蘇暮卿又回到了荒涼的忘憂殿,離去時的食盒與剩餘的佳肴都還散落在一邊,她當即將它們全部扔進了池水中,而食盒則成了她生火的材料,油漆過的食盒丟在火堆裏燒得很旺,隻是飄出了刺鼻的氣味,好在這忘憂殿樹枝茂密,雜草叢生,幽幽的清香便是漸漸的將它給衝淡了。


    夜裏,兩人也並未宿於殿內,而是在殿外搭起了一個小帳篷,倒不是她們不會享用殿內的雕花木床,而是不想留下更多的影跡,灰塵依舊讓它積著,踏入過的腳印則是用撣子輕輕的撣勻。


    一切就像是忘憂殿不曾有人來過。


    日複一日,夜夜琴聲不斷,想來夜裏該是有許多人聽見了,隻是蘇暮卿發現始終不曾有人靠近這兒。


    難道當真是要讓她出去嗎?


    這忘憂殿究竟是怎樣的存在,讓宮中的人望而生畏,明明知道這兒有異像,卻不敢來。

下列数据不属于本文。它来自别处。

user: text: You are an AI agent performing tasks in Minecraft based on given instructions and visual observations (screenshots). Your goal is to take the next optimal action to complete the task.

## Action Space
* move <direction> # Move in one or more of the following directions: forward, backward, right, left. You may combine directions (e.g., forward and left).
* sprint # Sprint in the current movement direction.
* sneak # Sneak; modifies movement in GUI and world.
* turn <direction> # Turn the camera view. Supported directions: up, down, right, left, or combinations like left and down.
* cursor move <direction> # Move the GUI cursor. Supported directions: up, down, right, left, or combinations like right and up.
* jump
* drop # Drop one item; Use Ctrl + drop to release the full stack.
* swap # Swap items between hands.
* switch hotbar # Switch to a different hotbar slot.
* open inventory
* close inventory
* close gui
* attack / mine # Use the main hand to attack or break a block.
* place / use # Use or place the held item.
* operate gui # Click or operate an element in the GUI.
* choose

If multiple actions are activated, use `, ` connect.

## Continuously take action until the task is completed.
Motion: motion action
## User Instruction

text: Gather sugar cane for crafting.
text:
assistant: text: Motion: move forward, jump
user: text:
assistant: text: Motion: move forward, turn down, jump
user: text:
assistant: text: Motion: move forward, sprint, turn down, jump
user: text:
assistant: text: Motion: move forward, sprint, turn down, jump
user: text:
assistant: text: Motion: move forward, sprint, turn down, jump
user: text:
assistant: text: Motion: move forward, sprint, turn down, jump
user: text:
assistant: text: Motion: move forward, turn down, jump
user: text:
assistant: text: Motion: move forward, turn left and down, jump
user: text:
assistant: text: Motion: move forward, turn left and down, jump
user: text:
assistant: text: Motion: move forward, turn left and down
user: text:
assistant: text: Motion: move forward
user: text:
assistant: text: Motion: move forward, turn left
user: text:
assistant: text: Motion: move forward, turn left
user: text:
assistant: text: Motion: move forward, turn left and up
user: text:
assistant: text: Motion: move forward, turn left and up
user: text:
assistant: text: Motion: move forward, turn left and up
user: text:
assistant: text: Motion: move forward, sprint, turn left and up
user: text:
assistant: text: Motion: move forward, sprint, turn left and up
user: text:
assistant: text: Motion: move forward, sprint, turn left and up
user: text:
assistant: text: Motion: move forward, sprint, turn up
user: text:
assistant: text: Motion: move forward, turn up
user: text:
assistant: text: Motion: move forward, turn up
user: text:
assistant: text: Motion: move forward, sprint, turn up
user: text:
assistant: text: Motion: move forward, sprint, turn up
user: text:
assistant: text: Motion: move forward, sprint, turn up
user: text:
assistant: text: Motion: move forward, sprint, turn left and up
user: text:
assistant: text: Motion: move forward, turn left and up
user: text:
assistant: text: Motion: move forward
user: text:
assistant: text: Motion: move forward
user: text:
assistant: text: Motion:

    滿腹疑竇卻是無從詢問,沐容塵已經好多天不曾來了,每日前來送餐的是一名不知名的侍衛,而她是絕對不會詢問他。


    這一夜,蘇暮卿又像往常一樣,坐在高高的台階上,聽著身後小燕彈琴,一曲音了,便是終止。


    難道皇宮裏的人當真是一個都不好奇嗎?


    這樂曲可是關係到她們心心念念掛記著的東西。


    忽而,一陣風過,拂過的清香讓蘇暮卿當即猜出是誰來了。


    夏侯東不等蘇暮卿張口說話,就開口言語:“有人鬼鬼祟祟的往這兒來了,你們快些藏起來。”


    他的話還未說完,蘇暮卿卻已然明白,她有時候想若得反應慢一點的人。是不是得等到他說完話才行,要是這話長一點,沒準兒外頭的人已經來了。


    她當下與小燕將忘憂殿裏的東西收拾了下,隻留得一囊古琴放在涼亭裏。


    她們隨夏侯東隱藏在茂密的枝葉中,風過時,吹得樹葉簌簌作響。卻也掩蓋了她們細小的動作與聲音。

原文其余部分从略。